Work request: When a line contains the string "text", it counts once; give the total of such lines in the entries below and nothing else.

Entries shown:
-------

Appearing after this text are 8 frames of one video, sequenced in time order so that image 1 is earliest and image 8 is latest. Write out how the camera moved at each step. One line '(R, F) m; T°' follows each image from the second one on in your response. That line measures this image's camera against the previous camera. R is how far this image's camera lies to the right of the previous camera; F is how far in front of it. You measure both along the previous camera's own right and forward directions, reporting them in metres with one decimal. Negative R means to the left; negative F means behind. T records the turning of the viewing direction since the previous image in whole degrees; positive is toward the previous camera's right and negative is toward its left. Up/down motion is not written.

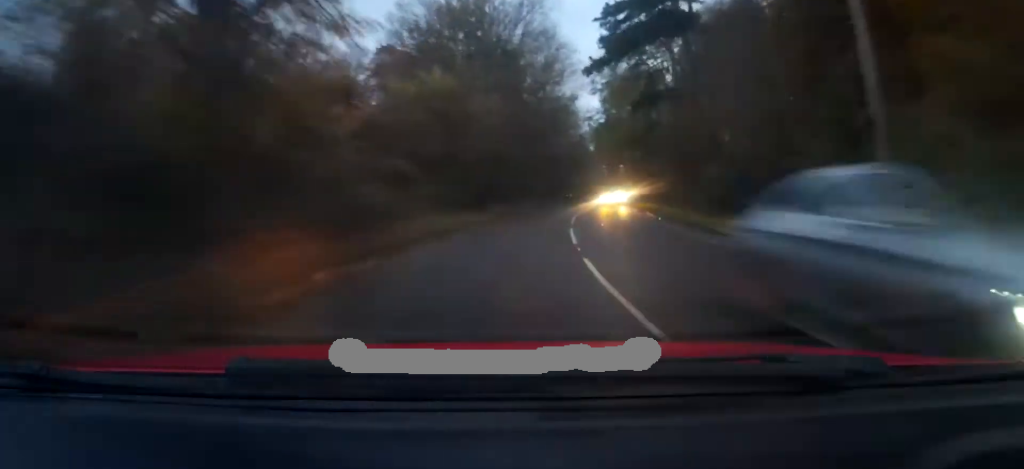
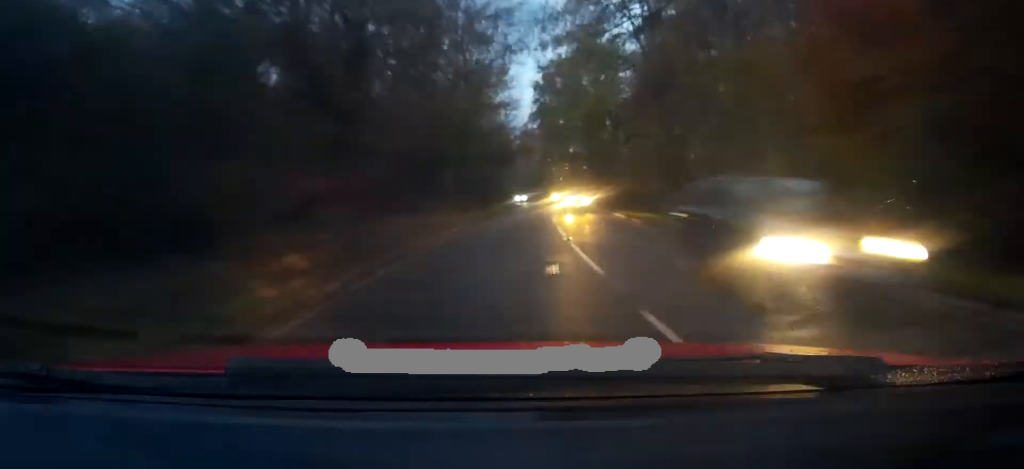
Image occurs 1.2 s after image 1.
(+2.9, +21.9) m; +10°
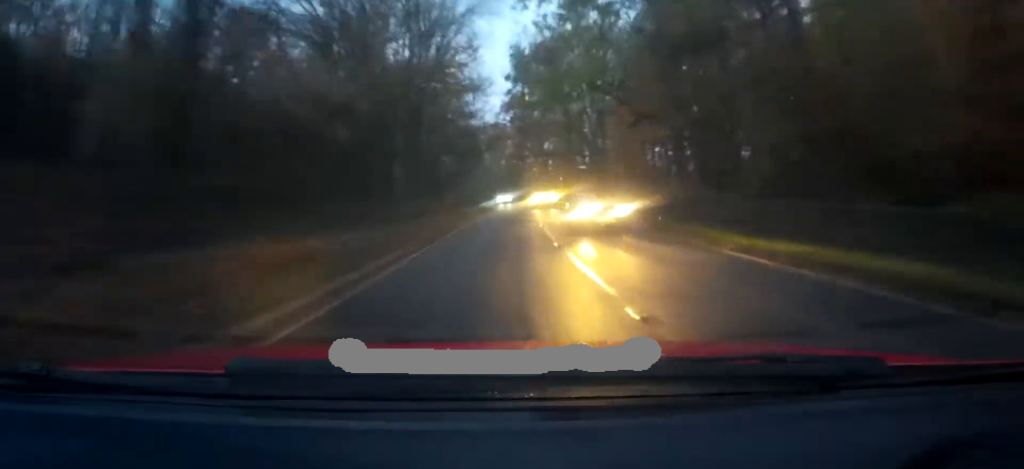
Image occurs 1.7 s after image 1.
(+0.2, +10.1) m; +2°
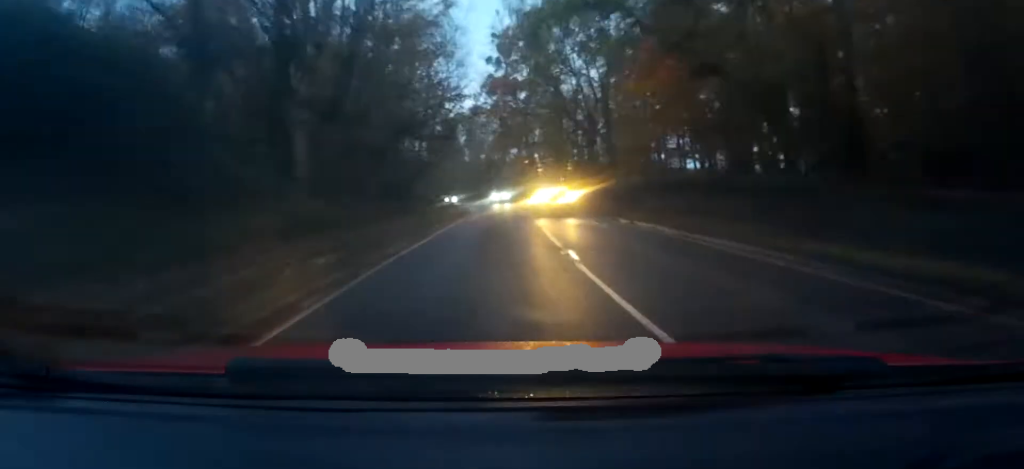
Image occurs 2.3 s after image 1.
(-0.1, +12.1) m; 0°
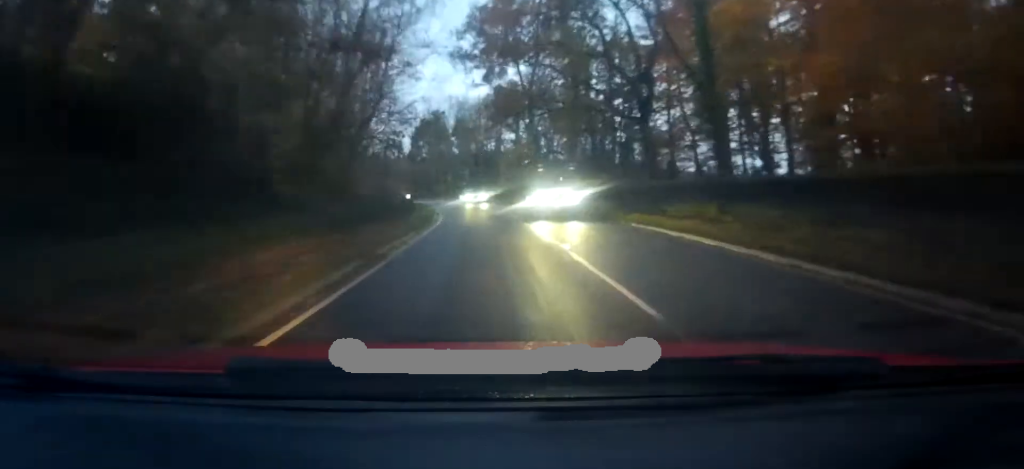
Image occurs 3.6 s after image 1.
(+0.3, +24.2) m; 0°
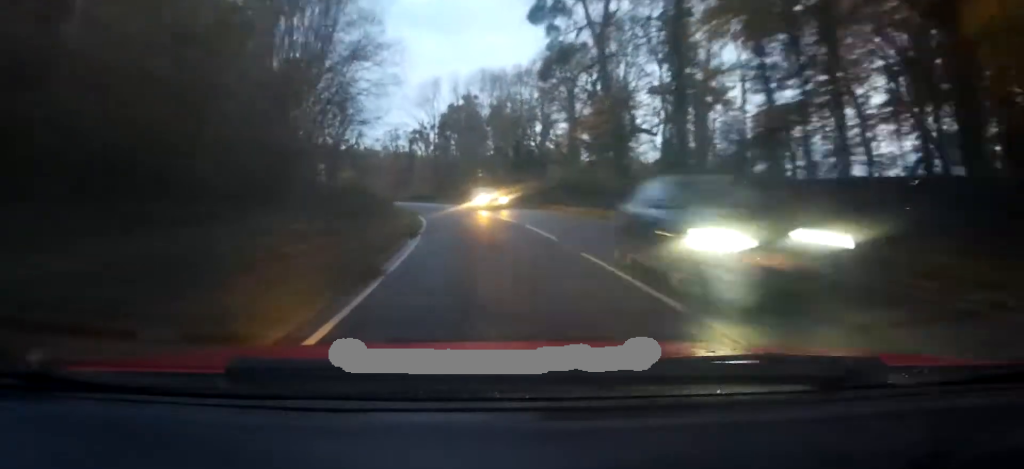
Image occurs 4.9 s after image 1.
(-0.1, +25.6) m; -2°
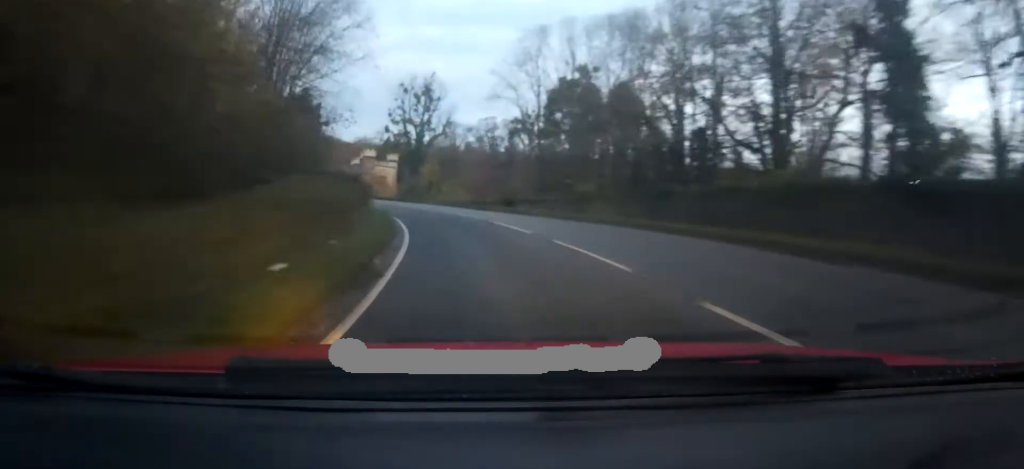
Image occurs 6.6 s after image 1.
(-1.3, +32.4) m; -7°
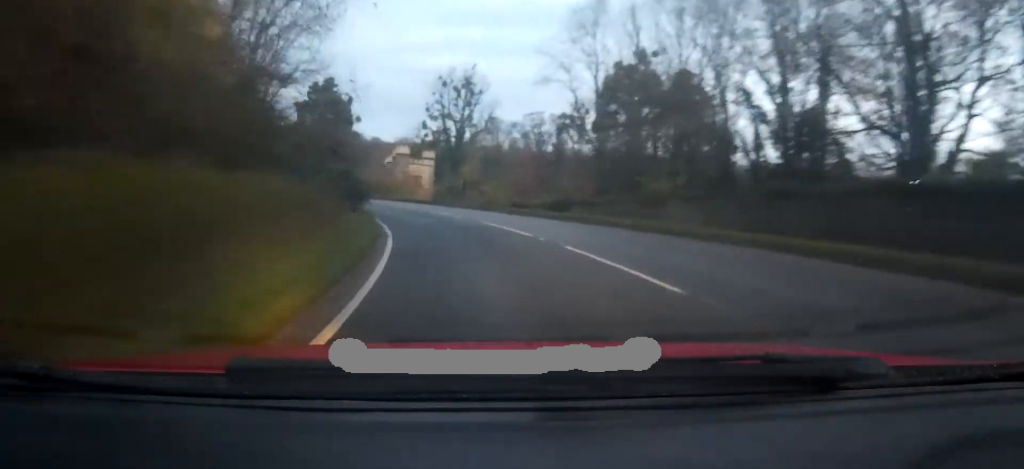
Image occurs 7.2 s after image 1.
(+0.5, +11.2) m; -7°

-------

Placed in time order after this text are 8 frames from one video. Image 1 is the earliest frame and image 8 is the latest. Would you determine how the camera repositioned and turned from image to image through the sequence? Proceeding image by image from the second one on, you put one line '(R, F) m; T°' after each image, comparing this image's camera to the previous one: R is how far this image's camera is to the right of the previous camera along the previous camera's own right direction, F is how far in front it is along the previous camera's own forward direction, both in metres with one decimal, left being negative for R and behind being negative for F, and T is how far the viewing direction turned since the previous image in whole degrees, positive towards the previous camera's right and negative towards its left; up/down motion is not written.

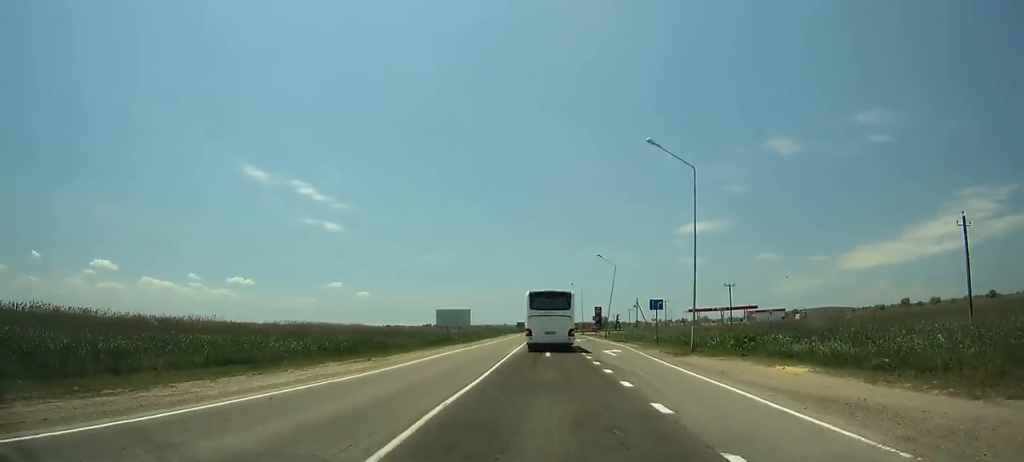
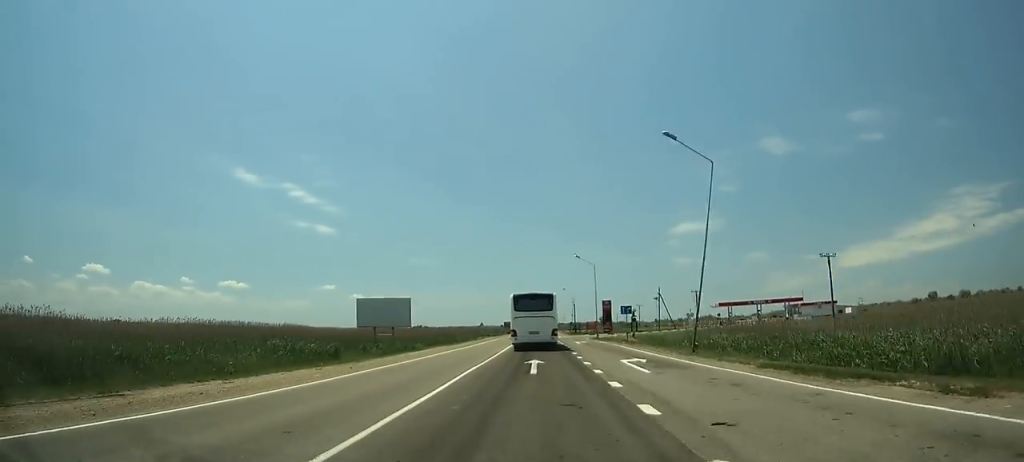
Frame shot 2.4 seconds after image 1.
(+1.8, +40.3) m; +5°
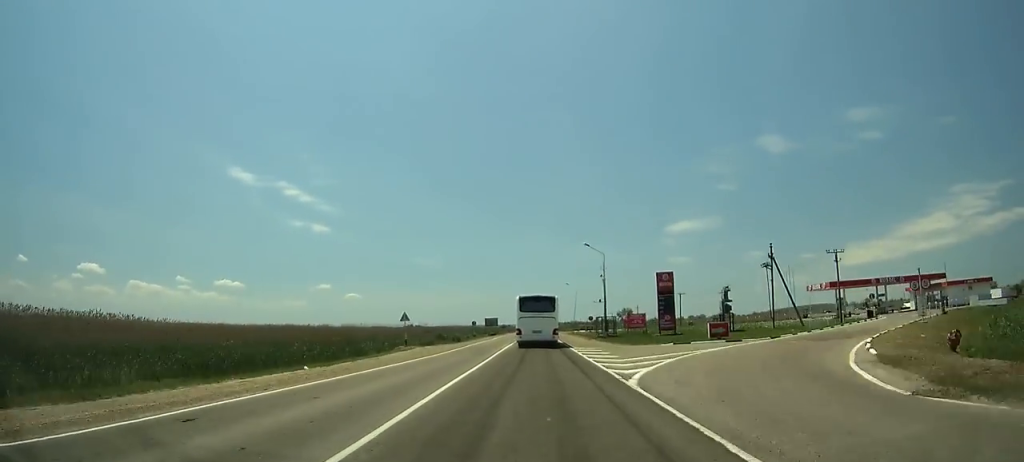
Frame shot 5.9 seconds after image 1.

-------

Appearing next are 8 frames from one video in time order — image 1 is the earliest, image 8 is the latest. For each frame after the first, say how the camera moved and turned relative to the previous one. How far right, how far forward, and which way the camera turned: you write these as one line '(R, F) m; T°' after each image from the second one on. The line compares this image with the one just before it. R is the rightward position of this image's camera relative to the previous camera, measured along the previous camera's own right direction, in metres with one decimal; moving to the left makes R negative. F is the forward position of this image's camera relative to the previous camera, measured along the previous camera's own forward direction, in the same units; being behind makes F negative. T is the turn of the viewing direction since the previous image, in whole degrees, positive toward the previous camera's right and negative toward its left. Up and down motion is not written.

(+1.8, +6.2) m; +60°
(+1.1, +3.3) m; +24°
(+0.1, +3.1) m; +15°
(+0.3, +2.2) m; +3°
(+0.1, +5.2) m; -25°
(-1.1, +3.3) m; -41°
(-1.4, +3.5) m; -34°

-------

Task output: 2